Diseased, they were thinking.

Just crazy, I wanted to say, and maybe I did. Just a crazy junkie.

My mind didn't seem able to settle on any one thing, like a bee in a flower field, constantly caught by individual bright detail. The gun that was pointed straight at me, barrel thin and long. He would have known what it was: make, calibre, stopping power. On our second date he had taken me to the Imperial War Museum. The next day I took him to this little collection of antique surgical instruments they used to keep up in Camden somewhere. We always understood one another.

The gun flicked and I realised that the person holding it was waving me on – a distant blur at the periphery of my attention. I looked down and something else caught my eye, hooking into my mind and dragging it there. A little flower, yellow and drab, struggling up through a crack in the concrete of the helipad.

I hate flowers. I was sick once, very sick, when I was seven. Leukaemia. Everybody brought flowers. The hospital room was full of them, the smell so strong it muscled out the stink of antiseptic and old vomit. But I preferred the stink. It was what that place was all about. The flowers were a lie.

They had to carry me on board the flying boat. My muscles were cramping by then and the shivers were so hard they were close to convulsions. When I was halfway in I suddenly knew that I had to vomit. I don't know what I hit. One of my captors if the shouts of disgust were anything to go by. A part of me knew that I could die from withdrawal this severe.

Tell them you need the drugs, the Voice said. It's obvious they want you alive.

This made perfect sense, but I suspected the Voice had its own agenda. I tried to ask for anti-psychotics instead, the one thing I hadn't been able to obtain inside the base. But my ears were deaf to my own voice and I'm not sure how much of it there was left. I was sobbing helplessly with the pain by then.

Pain. That brought back another memory. The strongest of all. The first time the madness came and brought the Voice with it. Twice in my life, I've had a disease that wanted to kill me. And each time the pain it brought had a different quality. A terminal quality. This was a pain that was trying to drag you down with it, drag you away somewhere you weren't coming back from.

When the Cull struck, it was a quick death, but it wasn't a clean one. When you're bleeding out of every pore in your body, but you're still conscious. When your brain's frying inside your skull. When you're thirty years old and you know that you've only got two more days on this earth, and each of them will be filled with this same, unending agony…

And if the Cull was bad, the thing we did to ourselves to avoid it was unendurably worse.

The first time the Voice spoke, I thought it was one of my colleagues, the O-neg staff members who were the only ones left on the base to treat the many of us who were dying. The pain will end, it said, suddenly and clearly. If you surrender, it will leave you. It seemed like a dumb thing for a doctor to be saying. Nothing but death would end this pain, not even the painkillers they'd been pumping straight into my veins.
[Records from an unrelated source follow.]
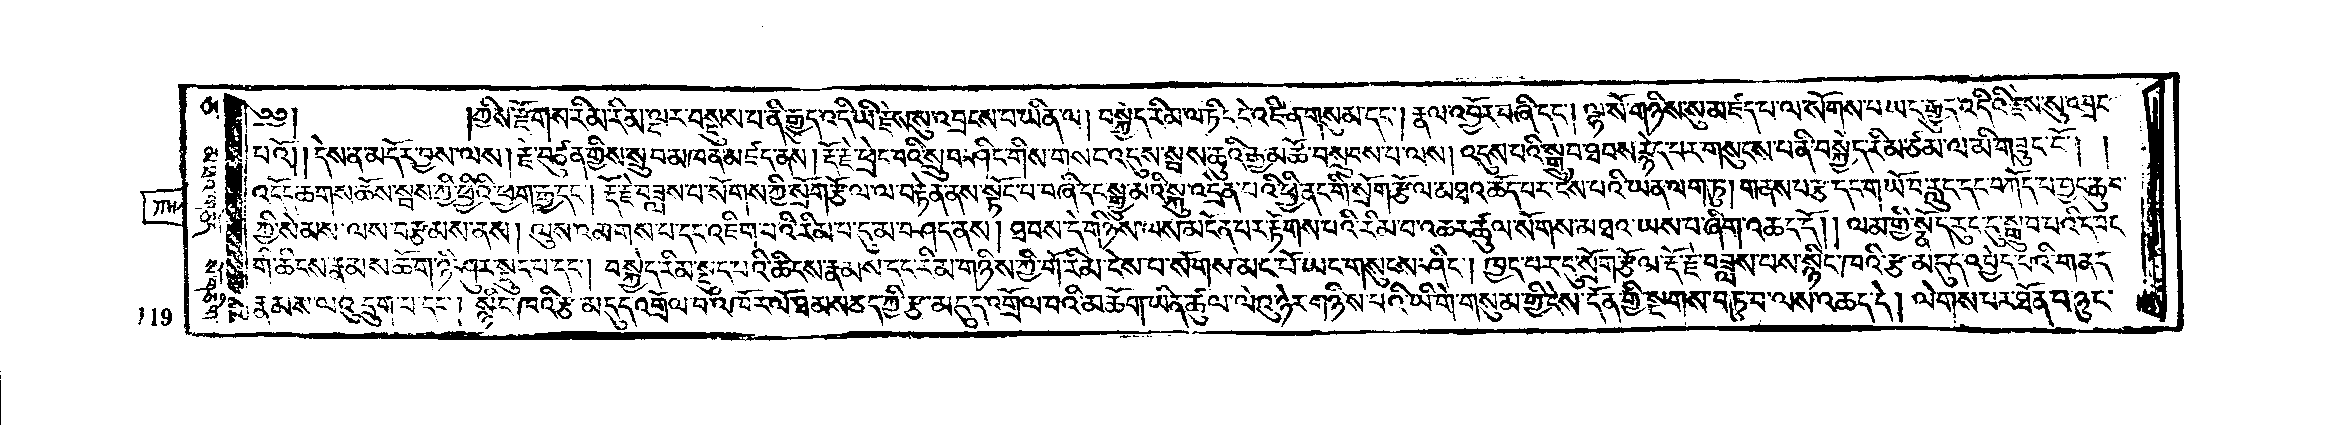༄༅། །ཀྱིས་རྫོགས་རིམ་རིམ་ལྔར་བསྡུས་པ་ནི་རྒྱུད་འདི་ཡི་རྗེས་སུ་འབྲངས་པ་ཡིན་ལ། བསྐྱེད་རིམ་ལ་ཏིང་ངེ་འཛིན་གསུམ་དང་། རྣལ་འབྱོར་བཞི་དང་། ལྷ་སོ་གཉིས་སུ་མཛད་པ་ལ་སོགས་པ་ཡང་རྒྱུད་འདིའི་རྗེས་སུ་འབྲངས་
པའོ། །དེས་ན་མདོར་བྱས་ལས། རྗེ་བཙུན་གྱིས་སྲུབ་མཁན་མཛད་ནས། རྡོ་རྗེ་ཕྲེང་བའི་སྲུབ་ཤིང་གིས་གསང་འདུས་སྦས་ཆུའི་རྒྱ་མཚོ་བསྲུབས་པ་ལས། འདུས་པའི་སྒྲུབ་ཐབས་རྙེད་པར་གསུངས་པ་ནི་བསྐྱེད་རིམ་ཙམ་ལ་མི་གཟུང་ངོ། །
འདོད་ཆགས་ཆོས་སྦས་ཀྱི་ཕྱིའི་ཕྱག་རྒྱ་དང་། རྡོ་རྗེ་བཟླས་པ་སོགས་ཀྱི་སྲོག་རྩོལ་ལ་བརྟེན་ནས་སྟོང་པ་བཞི་དང་སྒྱུ་མའི་སྐུ་འདྲེན་པའི་ཕྱི་ནང་གི་སྲོག་རྩོལ་མཐའ་ཆོད་པར་ངེས་པའི་ཡན་ལག་ཏུ། གནས་པ་རྩ་དང་གཡོ་བ་རླུང་དང་བཀོད་པ་བྱང་ཆུབ་
ཀྱི་སེམས་ལས་བརྩམས་ནས། ལུས་འཆགས་པ་དང་འཇིག་པའི་རིམ་པ་དུ་མ་བཤད་ནས། ཐབས་དེ་གཉིས་ལས་མངོན་པར་རྟོགས་པའི་རིམ་པ་འཆར་ཚུལ་སོགས་མཐའ་ཡས་པ་ཞིག་འཆད་དོ། །ལམ་གྱི་སྣོད་རུང་དུ་སྒྲུབ་པའི་དབང་
གི་ཆིངས་རྣམས་ཆོ་ག་ཉི་ཤུར་སྡུད་པ་དང་། བསྐྱེད་རིམ་སྡུད་པའི་ཆིངས་རྣམས་དང་རིམ་གཉིས་ཀྱི་གོ་རིམ་ངེས་པ་སོགས་མང་པོ་ཡང་གསུངས་ཤིང་། ཁྱད་པར་དུ་སྲོག་རྩོལ་རྡོ་རྗེ་བཟླས་པས་སྙིང་ཁའི་རྩ་མདུད་འབྱེད་པའི་གནད་
རྣམས་ལེའུ་དྲུག་པ་དང་། སྙིང་ཁའི་རྩ་མདུད་འགྲོལ་བ་འཁོར་ལོ་ཐམས་ཅད་ཀྱི་རྩ་མདུད་འགྲོལ་བའི་མཆོག་ཡིན་ཚུལ་ལེའུ་ཉེར་གཉིས་པའི་ཡི་གེ་གསུམ་གྱི་ངེས་དོན་གྱི་སྔགས་བཏུ་བ་ལས་འཆད་དེ། ལེགས་པར་ཐོན་པ་ཉུང་

Or was that what they meant – that I'd be better off just letting go and dying? But that didn't sound like something one of my colleagues would say either.

And then I realised, as I was thinking this, the pain had lessened. That terrible tearing in my muscles, the feeling of my body ripping itself apart. Gone. And my breathing was easier, too.
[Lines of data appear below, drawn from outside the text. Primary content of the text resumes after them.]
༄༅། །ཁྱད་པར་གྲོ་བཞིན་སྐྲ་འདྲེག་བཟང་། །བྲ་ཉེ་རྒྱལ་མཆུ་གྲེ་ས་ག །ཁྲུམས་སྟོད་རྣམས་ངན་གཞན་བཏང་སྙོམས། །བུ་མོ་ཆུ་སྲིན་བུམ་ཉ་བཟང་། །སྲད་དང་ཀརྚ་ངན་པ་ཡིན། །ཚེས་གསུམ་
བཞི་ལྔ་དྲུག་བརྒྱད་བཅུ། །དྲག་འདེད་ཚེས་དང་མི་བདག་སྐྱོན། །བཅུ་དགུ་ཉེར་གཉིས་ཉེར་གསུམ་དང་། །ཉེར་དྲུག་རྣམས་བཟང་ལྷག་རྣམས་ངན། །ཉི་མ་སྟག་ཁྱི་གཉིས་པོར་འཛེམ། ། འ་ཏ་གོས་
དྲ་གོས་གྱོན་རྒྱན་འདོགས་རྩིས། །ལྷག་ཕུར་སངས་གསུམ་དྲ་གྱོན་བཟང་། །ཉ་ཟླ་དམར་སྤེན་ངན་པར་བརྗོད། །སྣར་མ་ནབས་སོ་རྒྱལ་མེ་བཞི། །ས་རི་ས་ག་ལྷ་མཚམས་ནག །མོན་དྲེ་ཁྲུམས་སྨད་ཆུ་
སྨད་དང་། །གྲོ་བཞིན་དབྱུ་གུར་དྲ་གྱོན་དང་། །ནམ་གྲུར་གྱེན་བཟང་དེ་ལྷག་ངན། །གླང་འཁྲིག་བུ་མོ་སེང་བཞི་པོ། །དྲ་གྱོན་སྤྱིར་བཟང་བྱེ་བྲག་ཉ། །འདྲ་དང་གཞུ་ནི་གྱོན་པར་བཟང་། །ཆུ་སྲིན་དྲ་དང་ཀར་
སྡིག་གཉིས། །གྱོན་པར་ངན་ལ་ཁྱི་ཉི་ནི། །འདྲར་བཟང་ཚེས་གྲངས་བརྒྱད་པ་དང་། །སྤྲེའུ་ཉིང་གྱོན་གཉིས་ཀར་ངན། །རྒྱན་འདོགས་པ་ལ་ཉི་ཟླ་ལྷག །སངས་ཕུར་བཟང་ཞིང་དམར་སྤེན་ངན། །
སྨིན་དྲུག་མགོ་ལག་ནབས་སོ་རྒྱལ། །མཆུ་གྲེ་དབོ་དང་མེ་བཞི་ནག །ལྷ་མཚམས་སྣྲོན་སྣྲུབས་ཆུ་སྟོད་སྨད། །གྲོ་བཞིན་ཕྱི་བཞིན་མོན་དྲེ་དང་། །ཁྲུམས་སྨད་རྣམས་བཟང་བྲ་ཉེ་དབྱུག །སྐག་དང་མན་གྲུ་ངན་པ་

My head felt clearest of all. Clearer than it had ever been. Yes, the Voice said, you can hear me now. A distant part of me told me that this was a symptom of psychosis. Maybe even the result of a high fever, or maybe just approaching death, but the Voice was louder and stronger and this new rush of energy surging through me didn't feel like death. It felt like rebirth.

I opened my eyes for the first time in days, weeks. Before, every attempt to do this had been met by a blinding sear of white-hot light. Now I could see everything, more than I'd ever seen before. Colours were richer, more vibrant. I stared at the wall beside my bed for a moment, fascinated by the way the light reflected from the tight grain of the white-painted concrete. I could see, just by looking, that there were precisely five thousand three hundred and seventy-one grains of sand on the surface of one square inch of wall. Each one seemed to be sparkling at me individually.